Choosing the right fertility treatment can feel confusing, especially when options like IUI, IVF, and ICSI sound similar but differ greatly in purpose, cost, and success rate. Your age is one of the most important factors in deciding which treatment will work best for you. Here’s a clear and helpful breakdown to guide you.
Age 25–30 years: IUI is often a good starting point
Why?
At this age, egg quality is generally good, and many infertility problems can be successfully treated with simpler methods.
IUI Works Best When:
- Mild male infertility
- Ovulation issues
- Unexplained infertility
- A short period of trying naturally
Success Rate:
15–20% per cycle
(Varies depending on health conditions)
- After 3–4 failed IUI cycles
- If tubes are blocked
- If the sperm count is very low
- If age is increasing and time is limited
Age 31–35 years: IVF is often more effective, with selective use of ICSI
Why?
Around this age, fertility begins to decline slowly.
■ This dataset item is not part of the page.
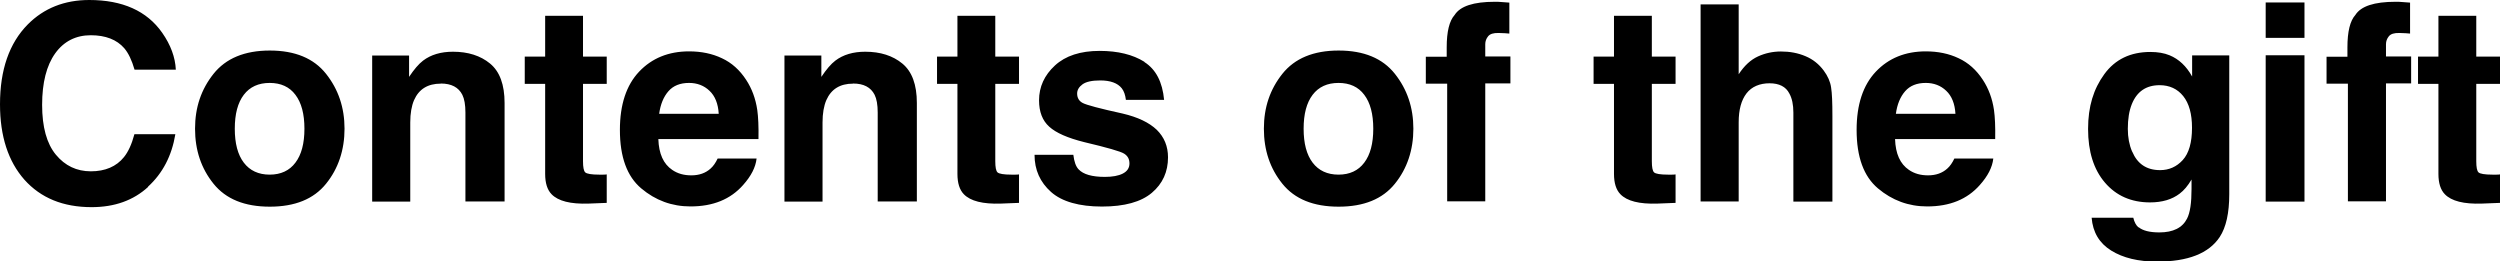 <svg xmlns="http://www.w3.org/2000/svg" data-name="レイヤー 2" viewBox="0 0 210.72 22.04"><g data-name="&amp;lt;h&amp;gt;"><path d="M12.49 15.75q-1.86 1.71-4.77 1.71c-2.4 0-4.28-.77-5.66-2.31C.69 13.6 0 11.48 0 8.79c0-2.91.78-5.15 2.34-6.73C3.7.69 5.43 0 7.52 0q4.215 0 6.15 2.76c.72 1.03 1.1 2.07 1.15 3.11h-3.48c-.23-.8-.52-1.4-.87-1.81-.63-.72-1.57-1.09-2.82-1.09s-2.27.51-3 1.53-1.1 2.47-1.1 4.34.39 3.27 1.16 4.2 1.75 1.4 2.95 1.4 2.15-.4 2.79-1.2c.35-.43.65-1.07.88-1.93h3.45c-.3 1.82-1.07 3.3-2.31 4.43ZM27.48 6.22c1.04 1.31 1.56 2.85 1.56 4.63s-.52 3.36-1.56 4.64c-1.04 1.29-2.62 1.93-4.74 1.93s-3.7-.64-4.74-1.93-1.56-2.83-1.56-4.64.52-3.32 1.56-4.63c1.04-1.3 2.62-1.96 4.74-1.96s3.7.65 4.74 1.96m-4.75.77c-.94 0-1.67.33-2.18 1s-.76 1.62-.76 2.86.25 2.19.76 2.86 1.24 1.01 2.18 1.01 1.67-.34 2.17-1.01c.51-.67.76-1.62.76-2.86s-.25-2.19-.76-2.86c-.5-.67-1.23-1-2.17-1M37.15 7.05c-1.09 0-1.84.46-2.25 1.39-.21.49-.32 1.12-.32 1.88v6.67h-3.21V4.68h3.11v1.8c.42-.63.81-1.09 1.18-1.37q.99-.75 2.52-.75c1.27 0 2.32.33 3.13 1s1.22 1.77 1.22 3.32v8.3h-3.3v-7.5c0-.65-.09-1.15-.26-1.49-.32-.63-.92-.95-1.81-.95ZM51.14 14.69v2.41l-1.53.06c-1.52.05-2.56-.21-3.12-.79q-.54-.555-.54-1.71V7.07h-1.72v-2.3h1.72V1.33h3.19v3.44h2v2.3h-2v6.52c0 .5.06.82.19.94s.52.19 1.18.19h.31c.11 0 .22 0 .32-.02ZM63.77 13.37c-.08.73-.46 1.47-1.14 2.23-1.06 1.2-2.53 1.8-4.43 1.8-1.57 0-2.95-.51-4.15-1.52s-1.8-2.65-1.8-4.93c0-2.13.54-3.77 1.62-4.91s2.49-1.71 4.21-1.71c1.03 0 1.95.19 2.77.58.82.38 1.5.99 2.04 1.82.48.73.8 1.58.94 2.55.08.57.12 1.38.1 2.44h-8.44c.04 1.24.43 2.1 1.17 2.6.45.31.98.46 1.61.46q.99 0 1.62-.57c.23-.2.43-.49.6-.85h3.29Zm-3.19-3.78c-.05-.85-.31-1.5-.78-1.94-.46-.44-1.04-.66-1.72-.66-.75 0-1.33.23-1.74.7s-.67 1.1-.78 1.9h5.01ZM71.9 7.05c-1.09 0-1.84.46-2.25 1.39-.21.49-.32 1.12-.32 1.88v6.67h-3.21V4.68h3.11v1.8c.42-.63.81-1.09 1.18-1.37q.99-.75 2.52-.75c1.27 0 2.32.33 3.13 1s1.22 1.77 1.22 3.32v8.3h-3.3v-7.5c0-.65-.09-1.15-.26-1.49-.32-.63-.92-.95-1.81-.95ZM85.89 14.69v2.41l-1.53.06c-1.52.05-2.56-.21-3.12-.79q-.54-.555-.54-1.71V7.07h-1.72v-2.3h1.72V1.33h3.19v3.44h2v2.3h-2v6.52c0 .5.06.82.19.94s.52.19 1.18.19h.31c.11 0 .22 0 .32-.02ZM96.46 5.23c.97.62 1.52 1.68 1.66 3.19H94.9c-.05-.41-.16-.74-.35-.98-.35-.44-.96-.66-1.81-.66q-1.05 0-1.5.33c-.3.22-.45.48-.45.77 0 .37.16.64.47.8.32.17 1.44.47 3.36.89 1.28.3 2.24.76 2.88 1.37.63.62.95 1.39.95 2.32 0 1.22-.45 2.22-1.36 2.99s-2.31 1.16-4.21 1.16-3.37-.41-4.29-1.23-1.39-1.86-1.39-3.13h3.27c.07.57.21.98.44 1.22.4.43 1.14.64 2.22.64.63 0 1.14-.09 1.51-.28s.56-.47.56-.85-.15-.64-.45-.83-1.42-.51-3.36-.97c-1.4-.35-2.38-.78-2.95-1.3-.57-.51-.86-1.25-.86-2.22 0-1.14.45-2.12 1.34-2.94s2.15-1.23 3.77-1.23c1.54 0 2.79.31 3.77.92ZM117.57 6.22c1.04 1.31 1.56 2.85 1.56 4.63s-.52 3.36-1.56 4.64c-1.04 1.29-2.62 1.93-4.74 1.93s-3.7-.64-4.74-1.93-1.56-2.83-1.56-4.64.52-3.32 1.56-4.63c1.04-1.3 2.62-1.96 4.74-1.96s3.7.65 4.74 1.96m-4.75.77c-.94 0-1.67.33-2.18 1s-.76 1.62-.76 2.86.25 2.19.76 2.86 1.24 1.01 2.18 1.01 1.67-.34 2.17-1.01c.51-.67.76-1.62.76-2.86s-.25-2.19-.76-2.86c-.5-.67-1.23-1-2.17-1M127.22.21v2.62c-.18-.02-.48-.04-.91-.05s-.72.08-.88.28q-.24.3-.24.66v1.04h2.12v2.27h-2.12v9.94h-3.21V7.05h-1.8V4.78h1.76v-.79c0-1.32.22-2.23.67-2.73.47-.74 1.59-1.11 3.38-1.11.2 0 .39 0 .55.02s.39.03.68.05ZM141.23 14.69v2.41l-1.53.06c-1.52.05-2.56-.21-3.12-.79q-.54-.555-.54-1.71V7.07h-1.72v-2.3h1.72V1.33h3.19v3.44h2v2.3h-2v6.52c0 .5.06.82.19.94s.52.19 1.18.19h.31c.11 0 .22 0 .32-.02ZM154.45 9.75v7.24h-3.29v-7.5c0-.66-.11-1.2-.34-1.61-.29-.57-.85-.86-1.67-.86s-1.5.28-1.94.85-.66 1.38-.66 2.44v6.67h-3.21V.37h3.21v5.89q.705-1.08 1.62-1.5c.61-.28 1.26-.42 1.94-.42.76 0 1.45.13 2.08.4.62.26 1.13.67 1.53 1.21.34.46.55.93.62 1.42.08.49.11 1.28.11 2.38M168.01 13.37c-.08.73-.46 1.47-1.14 2.23-1.06 1.2-2.53 1.8-4.43 1.8-1.57 0-2.95-.51-4.15-1.52s-1.8-2.65-1.8-4.93c0-2.13.54-3.77 1.62-4.91s2.49-1.71 4.21-1.71c1.03 0 1.95.19 2.77.58.82.38 1.5.99 2.04 1.82.48.73.8 1.58.94 2.55.08.57.12 1.38.1 2.44h-8.44c.04 1.24.43 2.1 1.17 2.6.45.31.98.46 1.61.46q.99 0 1.62-.57c.23-.2.43-.49.6-.85h3.29Zm-3.19-3.78c-.05-.85-.31-1.5-.78-1.94-.46-.44-1.04-.66-1.72-.66-.75 0-1.33.23-1.74.7s-.67 1.1-.78 1.9h5.01ZM180.26 19.15c.35.29.93.44 1.75.44 1.16 0 1.94-.39 2.33-1.16.26-.5.38-1.33.38-2.51v-.79c-.31.53-.64.92-1 1.19-.64.49-1.47.74-2.5.74-1.58 0-2.85-.56-3.8-1.67S176 12.77 176 10.87s.46-3.37 1.37-4.62 2.21-1.87 3.88-1.87c.62 0 1.16.09 1.62.28.78.32 1.42.92 1.9 1.79V4.67h3.13v11.7c0 1.59-.27 2.79-.8 3.6-.92 1.39-2.68 2.08-5.29 2.08-1.58 0-2.86-.31-3.86-.93s-1.55-1.54-1.65-2.77h3.51c.09.38.24.65.44.82Zm-.54-6.37c.44 1.04 1.22 1.56 2.35 1.56.75 0 1.39-.28 1.91-.85s.78-1.48.78-2.72c0-1.17-.25-2.06-.74-2.67s-1.16-.92-1.99-.92q-1.695 0-2.34 1.59c-.23.57-.34 1.26-.34 2.09 0 .72.12 1.35.36 1.91ZM194.24.21v2.98h-3.27V.21zm0 4.45v12.33h-3.27V4.66zM203.14.21v2.62c-.18-.02-.48-.04-.91-.05s-.72.08-.88.28q-.24.3-.24.66v1.04h2.12v2.27h-2.12v9.94h-3.21V7.05h-1.8V4.78h1.76v-.79c0-1.32.22-2.23.67-2.73.47-.74 1.59-1.11 3.38-1.11.2 0 .39 0 .55.02s.39.03.68.05ZM210.72 14.69v2.41l-1.53.06c-1.52.05-2.56-.21-3.12-.79q-.54-.555-.54-1.71V7.07h-1.72v-2.3h1.72V1.33h3.19v3.44h2v2.3h-2v6.52c0 .5.06.82.19.94s.52.19 1.18.19h.31c.11 0 .22 0 .32-.02Z"/></g></svg>

IVF offers higher success and allows better control over egg fertilisation.
IVF Works Best When:
- Tubal blockage
- Moderate male infertility
- PCOS
- Endometriosis
- Unexplained infertility
ICSI Is Recommended When:
- Sperm count or motility is poor
- The previous IVF cycle showed poor fertilisation
- Severe male factor infertility
Success Rate:
40–60% depending on egg quality and clinic expertise
What Dr Bhavana Mittal Advises for This Age Group:
IVF with tailored medication protocols is highly effective. ICSI is added if sperm-related issues are present.
Age 36–40 years: IVF or IVF + ICSI is usually the best option
Why?
Egg quality decreases faster during this stage. IVF gives the highest chance of selecting healthy embryos.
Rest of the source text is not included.